新劇場版はいろいろな事情(庵野監督が鬱になったり)があったにせよ、終結まで時間がかかりすぎたのが、悪い方向に働いてしまったよね。世間も期待しているからプレッシャーが半端なかったのは間違いない。鬱だったのは可哀想だと思うし、時間がかかったのも仕方がないのかもしれない。でも評価されるということは、そういうことだと思うんだよね。

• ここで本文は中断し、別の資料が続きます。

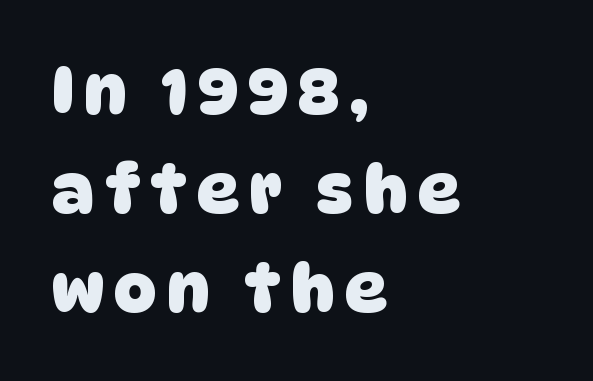
Q: Is the text bold? A: Yes.
Q: Is the typeface a serif or a sans-serif typeface? A: Sans-serif.
Q: Is the text underlined? A: No.
Q: How is the paragraph aligned? A: Left-aligned.
Q: Is the spacing between lines tight, normal or loose? A: Normal.
Q: Width (condensed, normal, or wide)? A: Normal.
Q: Stroke contrast? A: Low.
Q: x-height? A: Large.
Q: Monospaced? A: No.
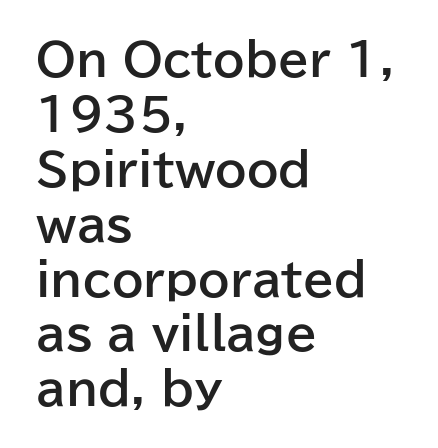
{"serif": "no", "italic": "no", "bold": "yes", "weight": "bold", "width": "normal", "stroke_contrast": "low", "x_height": "medium", "monospaced": "no", "underline": "no", "align": "left", "line_spacing_ratio": 1.22, "letter_spacing": "normal", "letter_spacing_em": 0.0, "glyph_px": 45}
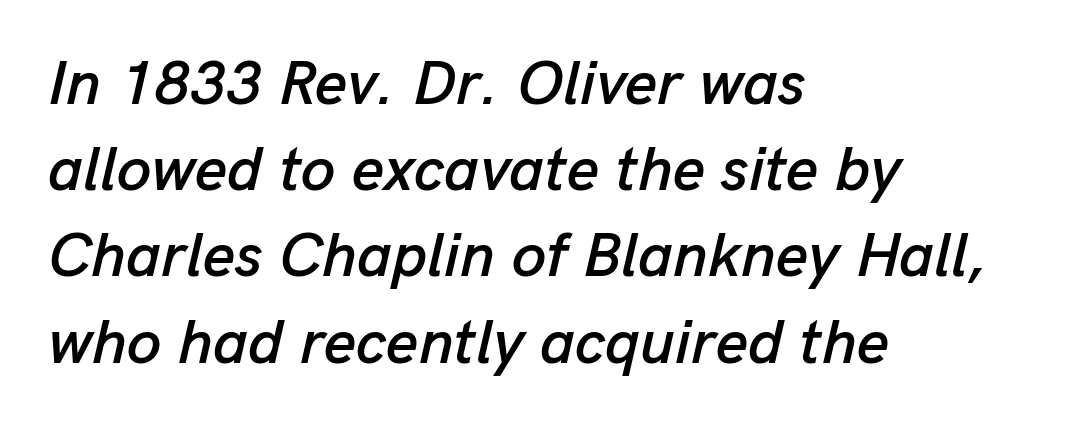
Q: Is the text italic (slanted)? A: Yes, it leans right by about 13 degrees.
Q: Is the text underlined? A: No.
Q: How is the paragraph aligned? A: Left-aligned.
Q: Is the spacing between letters normal or unusually wide? A: Normal.
Q: Is the spacing between lines tight, normal or loose? A: Normal.
Q: Width (condensed, normal, or wide)? A: Normal.
Q: Stroke contrast? A: Low.
Q: x-height? A: Medium.
Q: Monospaced? A: No.

一方、同業者の新海誠監督が「果ての果て、遠い場所まで連れていってもらえました。良かったー。」とtwitterで呟いていた。良かった、ということはいい評価、ということなのだけれど、これがねえ、なんというかいろいろ勘ぐりたくなるんだよね。

いや、勘ぐるのは人が悪いのだろう、新海誠監督は間違いなく本心で言っている、それは断言できる。彼はとても正直な人だと思う。空気を読まない、と言ってもいいかもしれない。私の感覚だと、ライバルの作品なのだから、たとえ見たとしても普通は感想いったり評価したりしないのが普通だと思っていた。TVシリーズのエヴァがヒットしたときに、宮崎駿も富野由悠季も絶対エヴァ見ていたはずだけど、見てない、とか言ってたし、一切評価しなかった(心の中では評価していたのかもしれないけど)。そこをあえて言っちゃうのが新海監督らしいと言えばらしい。

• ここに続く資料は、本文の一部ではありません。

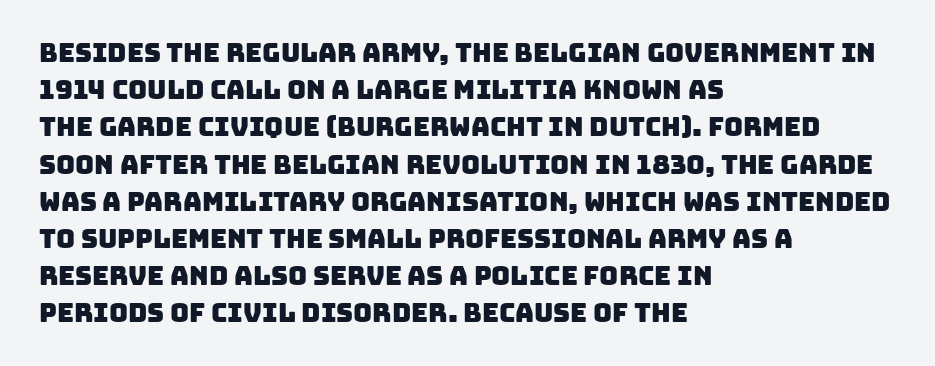
The image shows 26 px text type; set left-aligned, normal line spacing (1.43x), normal letter spacing, not underlined.
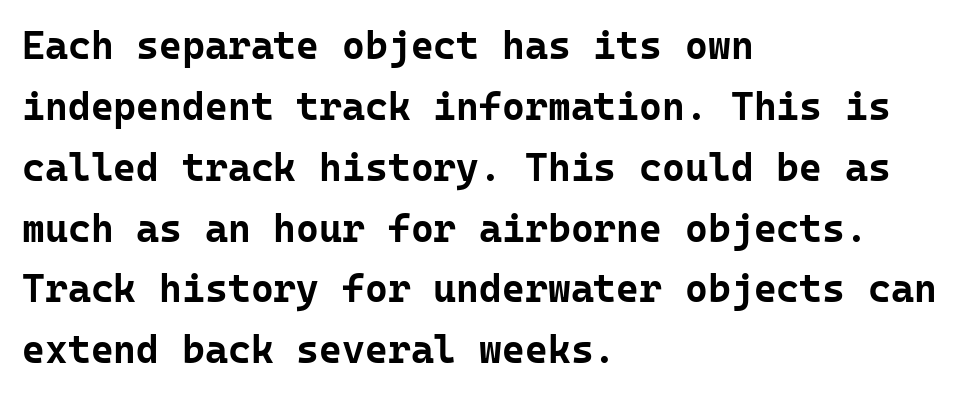
Q: Is the text bold? A: Yes.
Q: Is the text italic (slanted)? A: No, it is upright.
Q: Is the typeface a serif or a sans-serif typeface? A: Sans-serif.
Q: Is the text underlined? A: No.
Q: How is the paragraph aligned? A: Left-aligned.
Q: Is the spacing between letters normal or unusually wide? A: Normal.
Q: Is the spacing between lines tight, normal or loose? A: Normal.
Q: Width (condensed, normal, or wide)? A: Normal.
Q: Stroke contrast? A: Low.
Q: x-height? A: Medium.
Q: Monospaced? A: Yes.
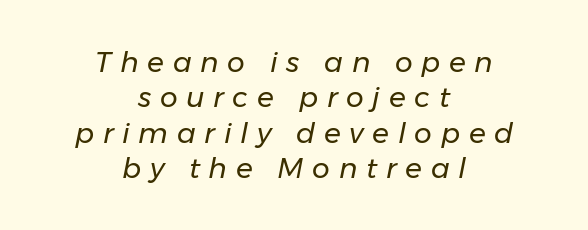
{"italic": "yes", "lean": "right", "slant_degrees": 11, "bold": "no", "weight": "regular", "width": "normal", "stroke_contrast": "low", "x_height": "medium", "monospaced": "no", "underline": "no", "align": "center", "line_spacing": "normal", "line_spacing_ratio": 1.26, "letter_spacing": "wide", "letter_spacing_em": 0.31, "glyph_px": 28}
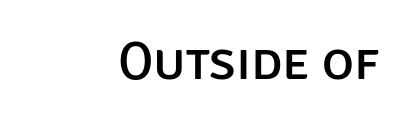
{"serif": "no", "italic": "no", "width": "normal", "stroke_contrast": "low", "x_height": "large", "monospaced": "no", "underline": "no", "align": "right", "letter_spacing": "normal", "letter_spacing_em": 0.0, "glyph_px": 54}
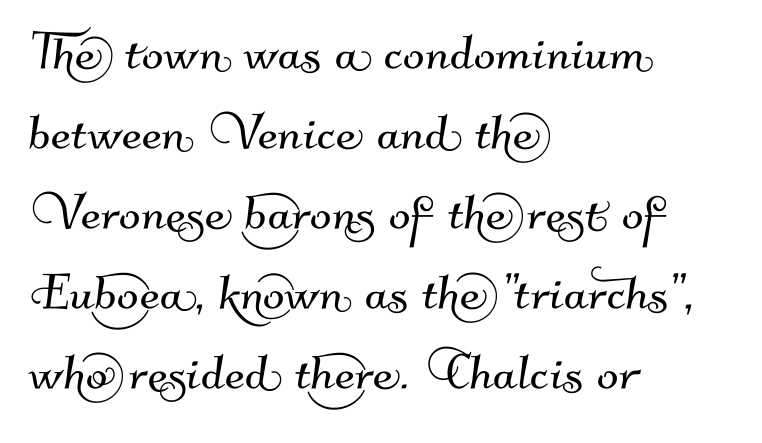
The image shows 64 px sans-serif type; set left-aligned, normal line spacing (1.25x), normal letter spacing, not underlined; medium stroke contrast and a small x-height.

アニメ業界の衝撃的な出来事は、エヴァQ(2012年)の後、2016年に新海誠監督の『君の名は。』が大ヒットしたことだと思う。2015年に細田守監督の『バケモノの子』がエヴァQの興行収入を僅差で抜いたけど、『君の名は。』はその比ではなく、数々の宮崎駿作品を抜き去り、千と千尋まであと一歩のところまで迫った。日本の劇場アニメ映画で、オリジナルで大ヒット出せるのって宮崎駿(ジブリ)だけだったんだけど、まあ宮崎駿は神のような存在だから仕方がないとしても、新海誠が殴り込みをかけたのは同業者にとって衝撃的だったのではと思う。その後の『天気の子(2019年)』も成功した。庵野監督としても、同じ年に『シン・ゴジラ(2016年)』が成功していなかったら、シン・エヴァの制作はもっと苦しんだものになったのではと想像する。

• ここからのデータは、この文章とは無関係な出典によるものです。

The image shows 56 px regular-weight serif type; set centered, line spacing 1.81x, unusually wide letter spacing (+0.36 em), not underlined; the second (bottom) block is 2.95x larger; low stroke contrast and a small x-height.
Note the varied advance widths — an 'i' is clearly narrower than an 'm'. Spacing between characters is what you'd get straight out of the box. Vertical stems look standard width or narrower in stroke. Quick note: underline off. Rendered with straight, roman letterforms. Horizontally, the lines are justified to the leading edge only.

で、振り返って、新海誠監督のあのつぶやきである。もし『シン・エヴァ』が『君の名は。』の興行収入を抜きそうな存在なら「良かったー。」なんて言葉は出ないと思うのだ。つまり、そういうことなのだ。

庵野監督はもう還暦ではあるが、まだヒット飛ばせる人だと思う。私は今回の『シン・エヴァ』を見て、庵野監督はもうアニメ作りをすることはない、と感じた。もうアニメ作りに興味がないのだろうなと思った。「さようなら、全てのエヴァンゲリオン」という台詞があるが、エヴァは庵野監督にとってアニメーションと同義だと思うから、庵野監督としては、アニメ作りにさようならした、ということだと思うのだ。実写でよいので、庵野監督には是非『シン・ゴジラ』のような面白い映画をまた作ってほしいと思っている。